I found a fact sheet for it - but it mentions a stock solution and a working solution...

Is the difference - stock solution is diluted - and working solution is diluted more?

Ugh. Help meeeee


----------



## mysteryscribe (Jun 8, 2006)

Im not familier with that particular developer but in general you are exactly right.  Stock is the first dilution, working is further deluted.


----------



## terri (Jun 8, 2006)

I haven't used it either, but it sounds like the same principle as D76, you are preparing a stock solution first, then when you're ready to develop, you will prepare your working solution. Your working solution is where you can control things by the amount of dilution.


----------



## ThomThomsk (Jun 8, 2006)

Well, according to this leaflet:

http://www.silverprint.co.uk/PDF/j24.pdf

your stock solution is one part concentrate to three parts water. Then according to Ilford's instructions for HP5+ you can either use HC110 mixed at dilution A for 2.5 minutes or dilution B for 5 minutes, assuming you exposed at EI400.

So, refer back to the PDF on the Silverprint site and you can see that dilution A is 1 part stock solution plus 3 parts water, dilution B is 1 part stock to 7 parts water. They even tell you what the quantities are to mix 300ml (which is what you'll need for a single 35mm film in a standard tank).

If I were you I would go for dilution B. Really short dev times leave you with less margin for error.


----------



## Karalee (Jun 9, 2006)

Yup it depends on what solution your using. Also theres some good tips inside the hp5 boxes, it will tell you the soak times for hc110b (1+31) you just need to compensate if youve pushed or pulled.

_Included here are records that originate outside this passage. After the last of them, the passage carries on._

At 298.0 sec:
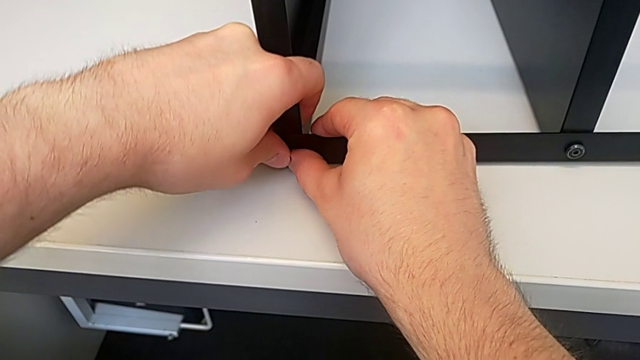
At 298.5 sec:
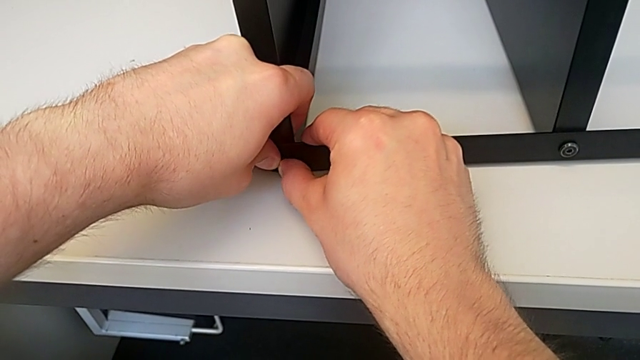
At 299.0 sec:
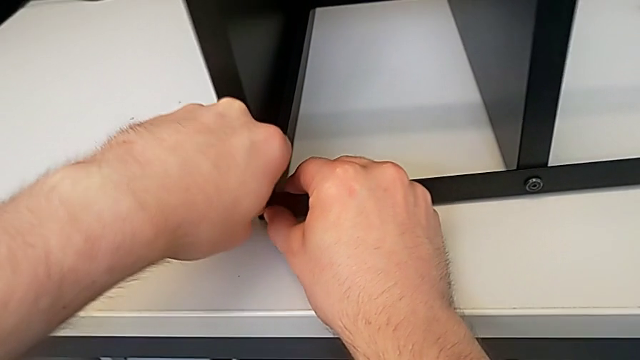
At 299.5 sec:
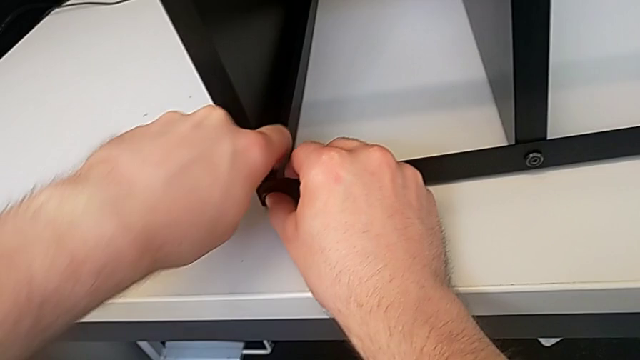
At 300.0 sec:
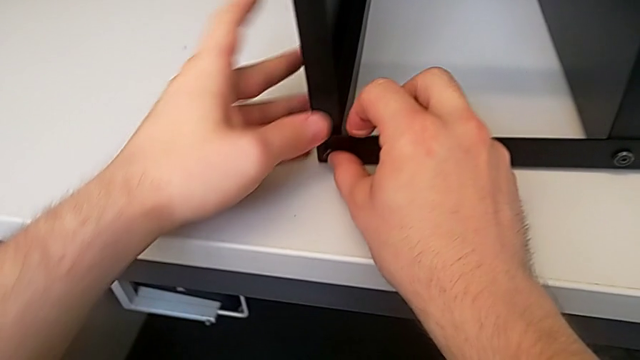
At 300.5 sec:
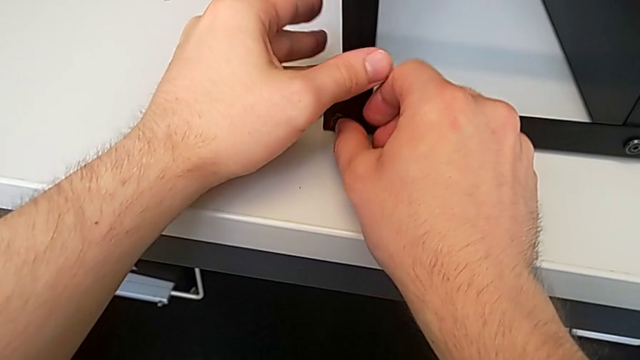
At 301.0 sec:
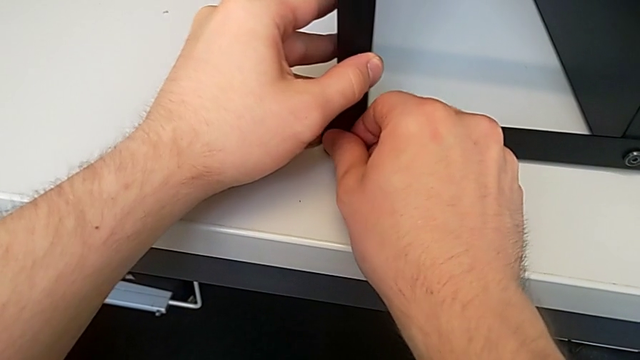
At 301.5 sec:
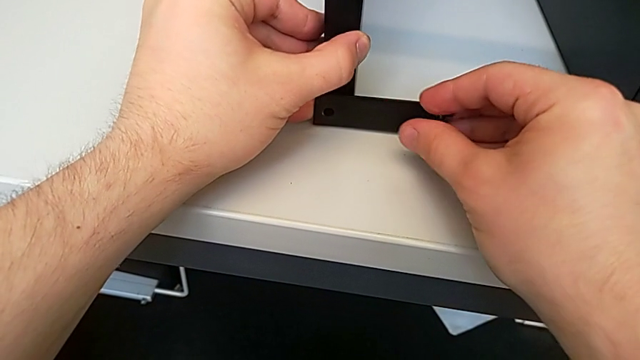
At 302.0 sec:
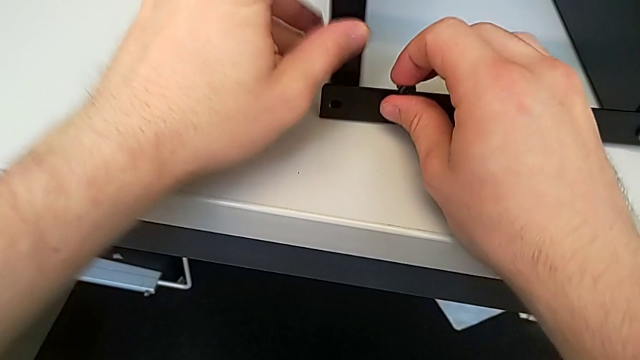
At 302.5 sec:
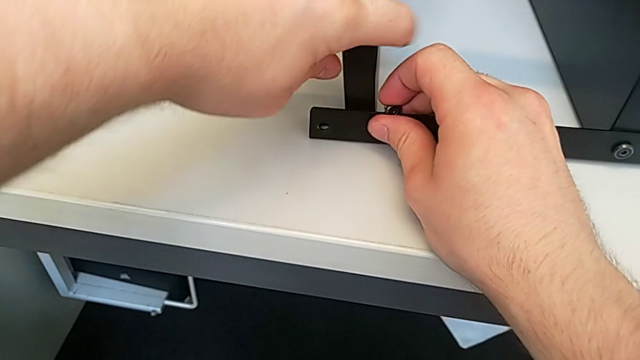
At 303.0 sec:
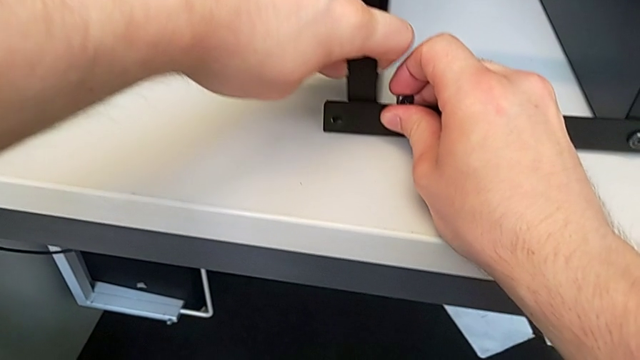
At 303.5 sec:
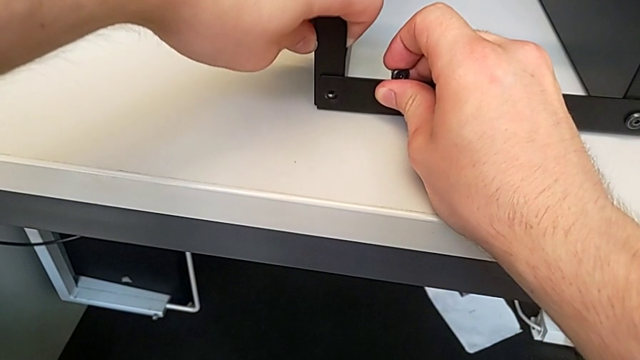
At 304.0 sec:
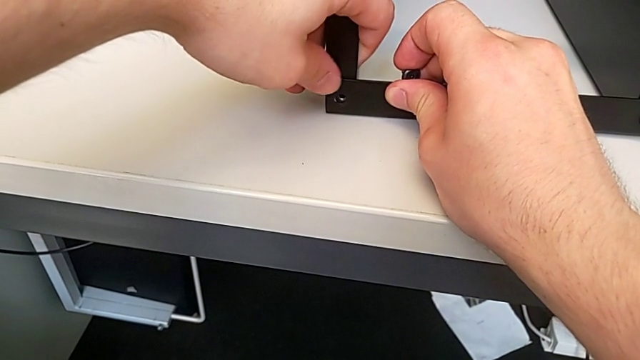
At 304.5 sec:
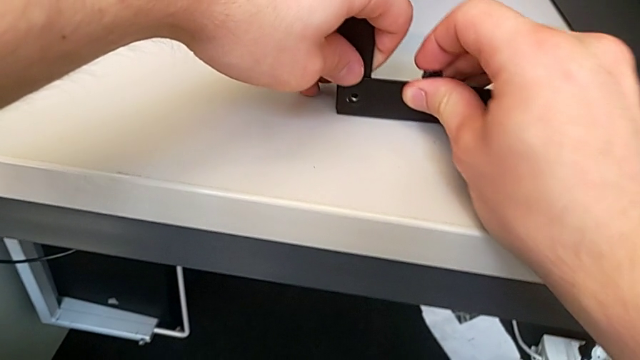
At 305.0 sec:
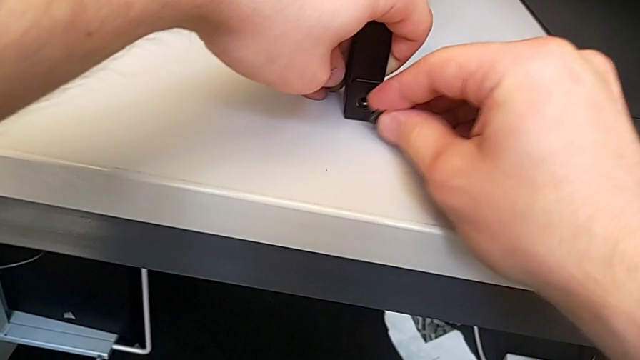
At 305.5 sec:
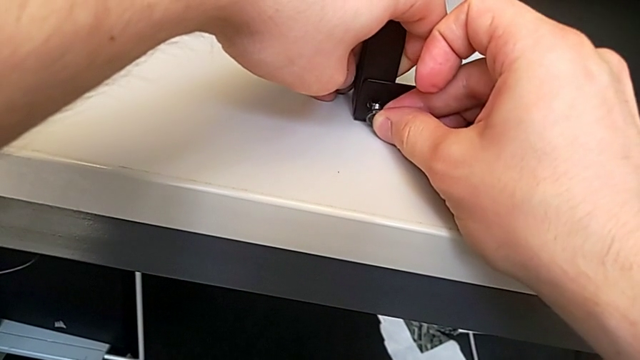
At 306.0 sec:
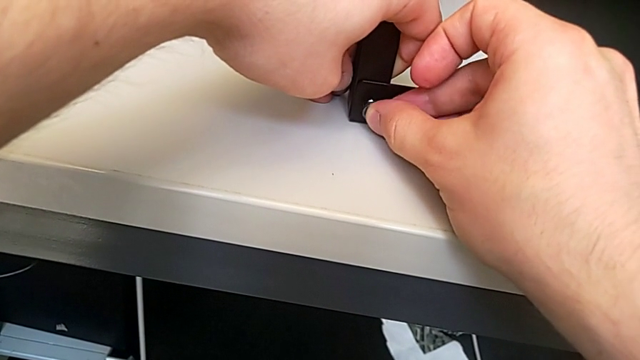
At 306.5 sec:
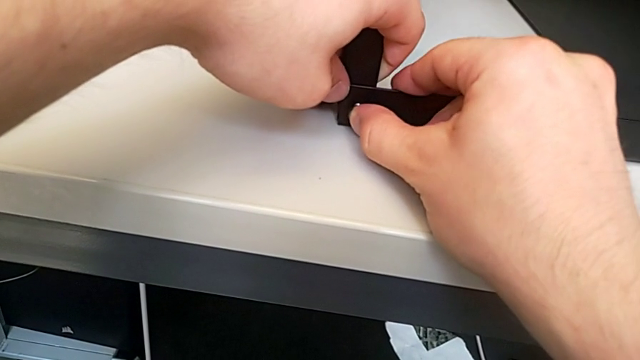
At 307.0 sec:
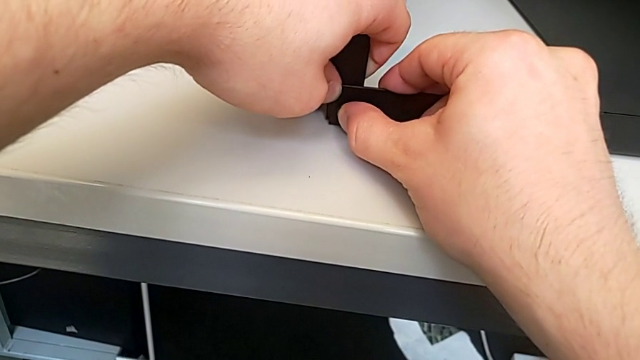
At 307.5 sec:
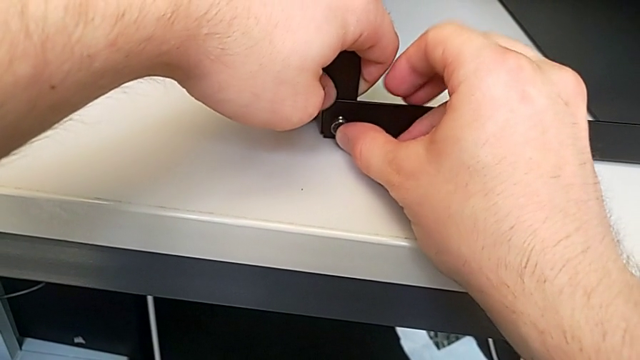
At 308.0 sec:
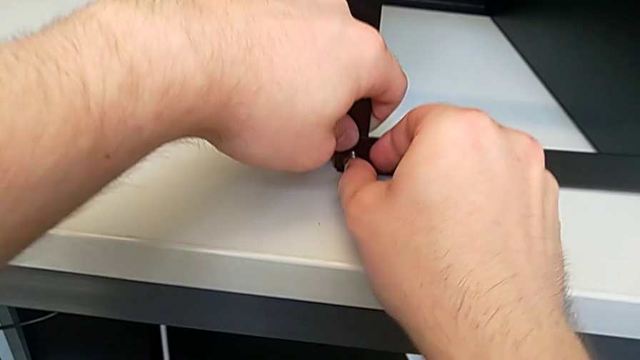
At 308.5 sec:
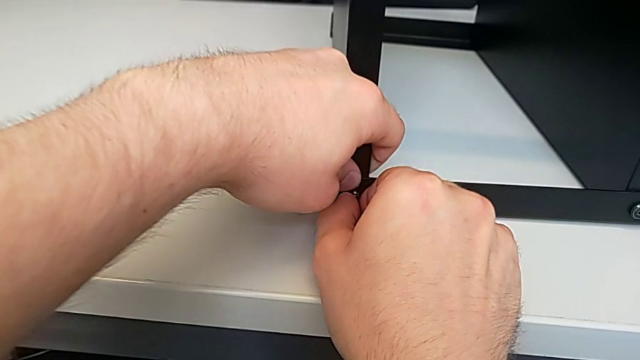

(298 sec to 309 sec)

Personally I think its a lot easier to use hc110 as a one shot, cos  your barely using any of the syrup per roll of film, Ive gone through about 20 rolls of mf (15mls per roll) and theres still plenty left.


----------



## fadingaway1986 (Jun 9, 2006)

Karalee - so do you just make it as you go?


IE - keep the bottle as a concentrate and then when you are ready to use it add your 15ml to the water?


How long do you find it keeps for that way?


----------



## Karalee (Jun 9, 2006)

well its one shot, so you dump it down the drain after you've used it in  your tank.15mls is a tiny amount, for 35mm it would be even less. That and its just more convenient for me, usually my stop bath and fixer go bad first, but this way I know Im not wasting developer.


----------



## fadingaway1986 (Jun 9, 2006)

Hi Karalee - I meant like actually keeping it in the bottle...

(like just the concentrate - does it go off?)


I intend to dump after use - but was given the impression from the bottle and websites that the concentrate only lasts a short amount of time after opened (6 months for a full bottle, 2 for half a bottle)


----------



## Karalee (Jun 9, 2006)

No hc110 as a syrup has a very long shelf life, at least the North American version does.

Heres a couple of links you may find useful

About HC110
Developing combos


----------



## fadingaway1986 (Jun 9, 2006)

thanks for that!!! those pages were helpfull


----------